Başka bir kayıtta, oğlu halen askerde olan bir ana; acıdan gözü dönmüş, endişeden bağrı dağlanmış ”Böyle vatan sağolmasın!” diye bağırıyor.
”Göndersinler, sıkıyorsa, kendi çocuklarını göndersinler. Benim çocuğuma bi şey olursa, bu vatana vatan demem.
Çocuğumun kanını feda etmem!”
Bu hissiyat; pisi pisine gencecik çocukları, biricik ana kuzularını savaşa, ölüme gönderdiğimiz, kimsenin bir haltına yaramayan, sonu gelmek bilmeyen bir kör dövüşüne kurban verdiğimiz hissiyatı giderek kartopulanıyor.
”Artık bu duygular dillendirildi. Herkes vatan – millet kuru edebiyatı yerine, hakiki, yakıcı hislerini haykırmaya başladı” diyorum arkadaşıma.
”Ne biliyorsun? Belki eskiden de böyleydi, ama sansürlüyorlardı” diyor.
”Duyurmuyorlardı, göstermiyorlardı bize.”
Artık YouTube çağına girdik hanımlar , beyler ; kendini saraylara layık bulanlar!
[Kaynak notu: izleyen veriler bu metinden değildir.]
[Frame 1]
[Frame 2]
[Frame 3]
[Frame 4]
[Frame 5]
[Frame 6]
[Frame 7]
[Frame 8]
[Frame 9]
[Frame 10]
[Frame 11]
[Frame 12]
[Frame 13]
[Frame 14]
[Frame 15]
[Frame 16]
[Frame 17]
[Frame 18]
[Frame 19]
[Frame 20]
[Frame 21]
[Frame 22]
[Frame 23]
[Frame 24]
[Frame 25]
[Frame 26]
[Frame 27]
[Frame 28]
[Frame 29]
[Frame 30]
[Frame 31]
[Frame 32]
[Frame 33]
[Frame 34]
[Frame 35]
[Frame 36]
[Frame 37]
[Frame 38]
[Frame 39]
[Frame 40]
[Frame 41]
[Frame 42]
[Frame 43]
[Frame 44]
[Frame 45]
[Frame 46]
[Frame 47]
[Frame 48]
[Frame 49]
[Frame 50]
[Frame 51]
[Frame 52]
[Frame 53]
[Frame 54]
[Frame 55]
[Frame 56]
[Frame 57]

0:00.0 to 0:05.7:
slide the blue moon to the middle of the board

Çamur havuzlarınızdan o gün çıkardığınız komplo menülerini, kaç kişiye servis edip yedirebilirsiniz ki?
Kaç kişi biteviye palavralarınıza, saçmalamalarınıza, Yavuz , Arsız, Katil Hırsız taktiklerinize inanır ?
Suratını görmeye tahammülümüz kalmadı.
Her muhtar vesaire fason fırsatıyla, ekranların ablukaya alınmasının, hükmü yok.
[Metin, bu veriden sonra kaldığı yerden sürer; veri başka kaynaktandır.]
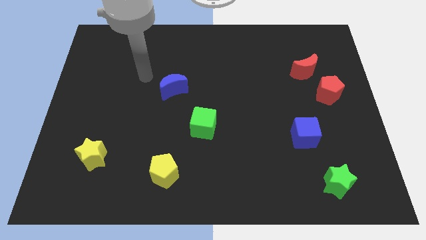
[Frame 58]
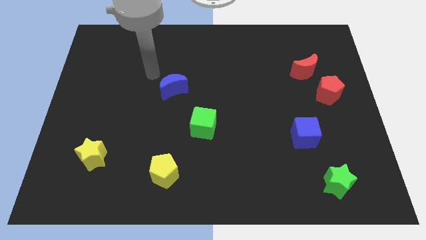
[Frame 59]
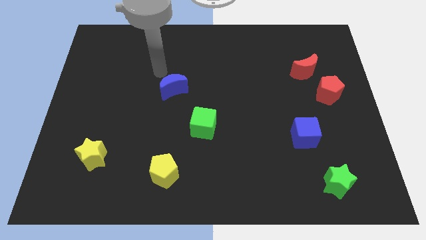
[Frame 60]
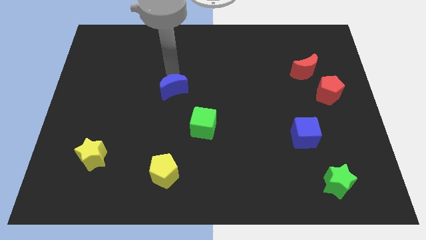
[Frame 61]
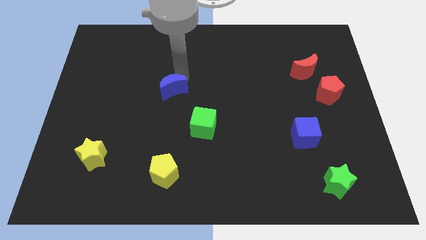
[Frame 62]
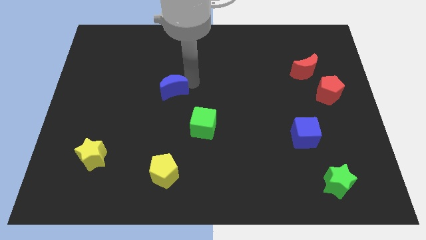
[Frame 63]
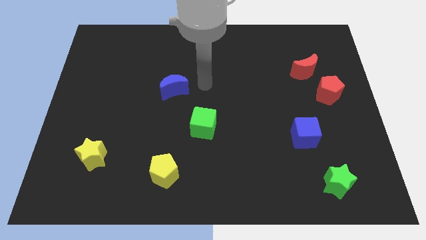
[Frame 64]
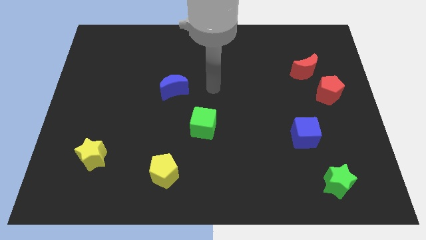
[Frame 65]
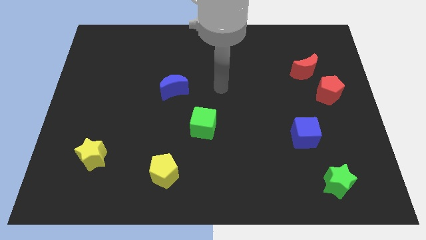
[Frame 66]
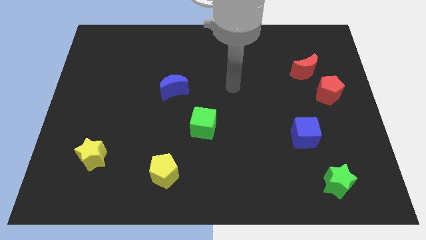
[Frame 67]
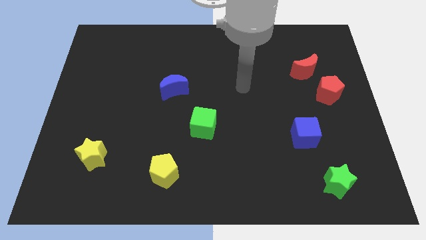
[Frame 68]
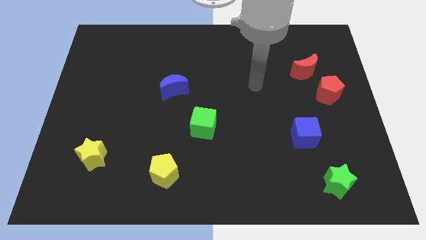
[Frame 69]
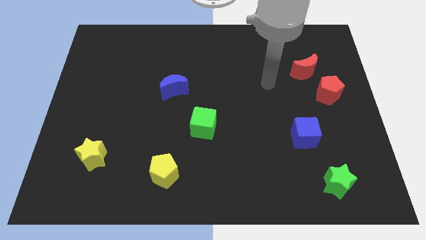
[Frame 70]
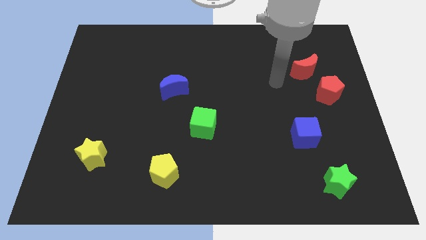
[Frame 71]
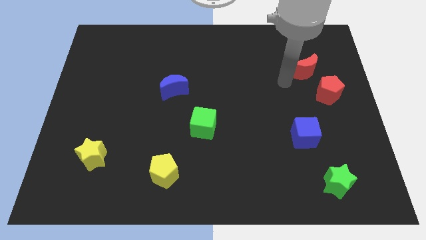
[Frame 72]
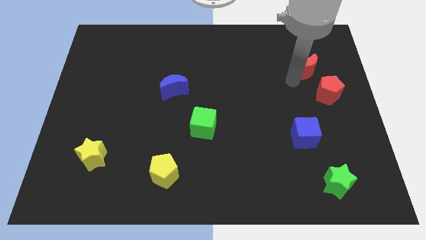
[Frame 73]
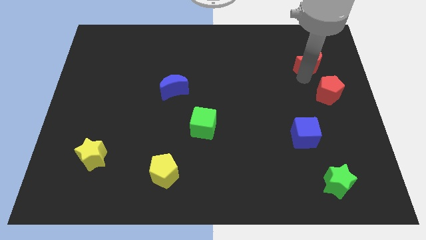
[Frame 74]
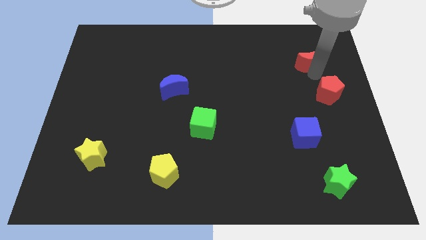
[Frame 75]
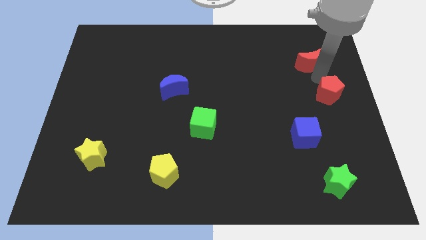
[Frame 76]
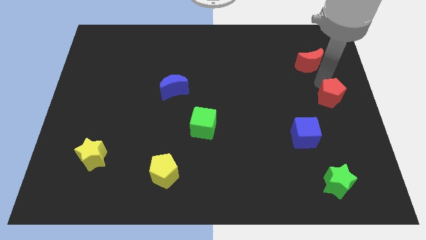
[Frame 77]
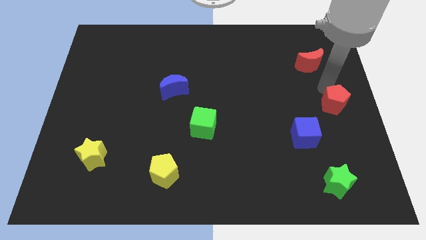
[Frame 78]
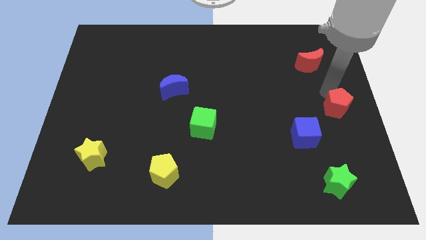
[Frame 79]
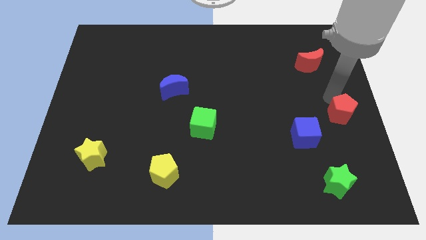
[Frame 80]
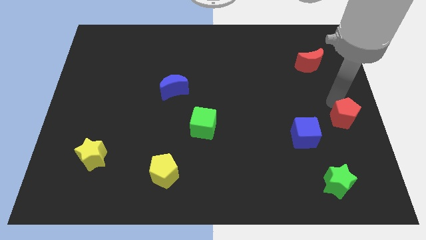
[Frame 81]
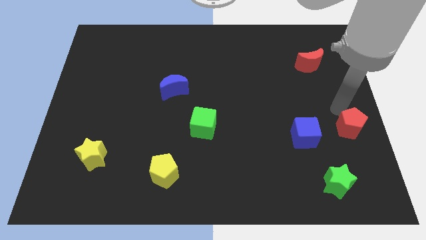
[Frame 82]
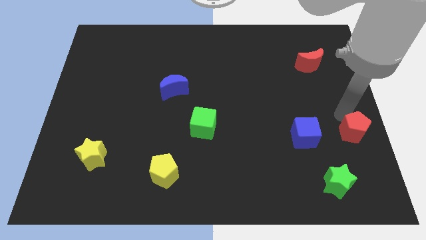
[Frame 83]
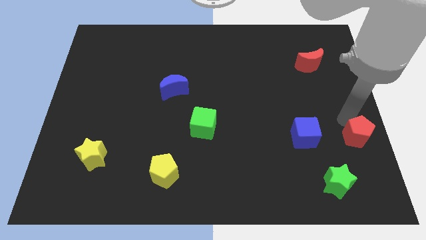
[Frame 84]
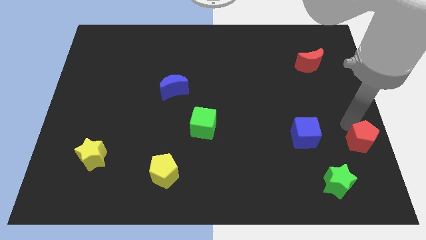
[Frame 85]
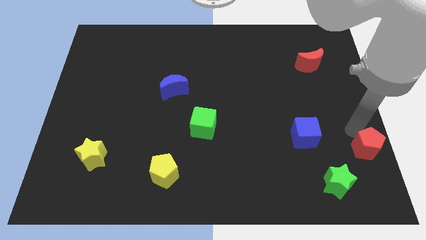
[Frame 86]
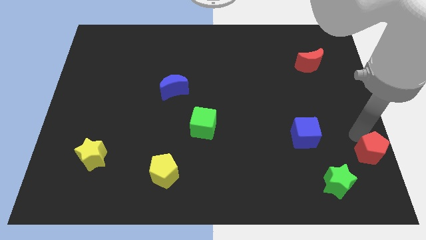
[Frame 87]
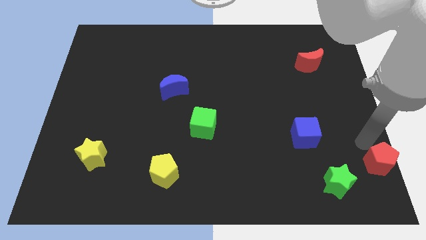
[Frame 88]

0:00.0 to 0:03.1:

Göz ucumuzu dahi değdirmiyoruz, ben yıllardır bakmıyorum suretine.
Anında topukluyorum, hangi ekranı işgal etmişse.
Tahammülümüz kalmadı.
Öfkemiz ve nefretimiz, acımızla harmanlanıyor şimdi.
Çocuk cesetleri üstünden yükselen bir sarayda oturamazsın.
Kanlarla yıkanmış bir handa soluklanamazsın.
Gemini çekemezsin, silme ölüyle kaplı limana.
Onca ceset, onca kan, onca gözyaşı..
Ana baba ahı. Kardeş, sevgili, eş ahı.
Babasını pisi pisine kaybetmiş çocukların ahı.
Yüzünde biteviye ve pişkin bir sırıtışla, bir yere kaçamazsın.
Herkes tanıyor, biliyor kim olduğunu.
Bilmezden gelenler, çıkar ortakların. Yancıların, yanaşmaların.
Bu acı arkandan gelecektir.
Acıları insanlarımızın, çığ gibi büyüyor.
Ölüleri gerekçelendiremezsin.
Hangi deliğe girersen gir, hangi yalandan şatoya sığınırsan sığın.
Aldığın bu ah!lar, seni bulacaktır.
Bu yazı Nokta dergisinde yayımlanmıştır.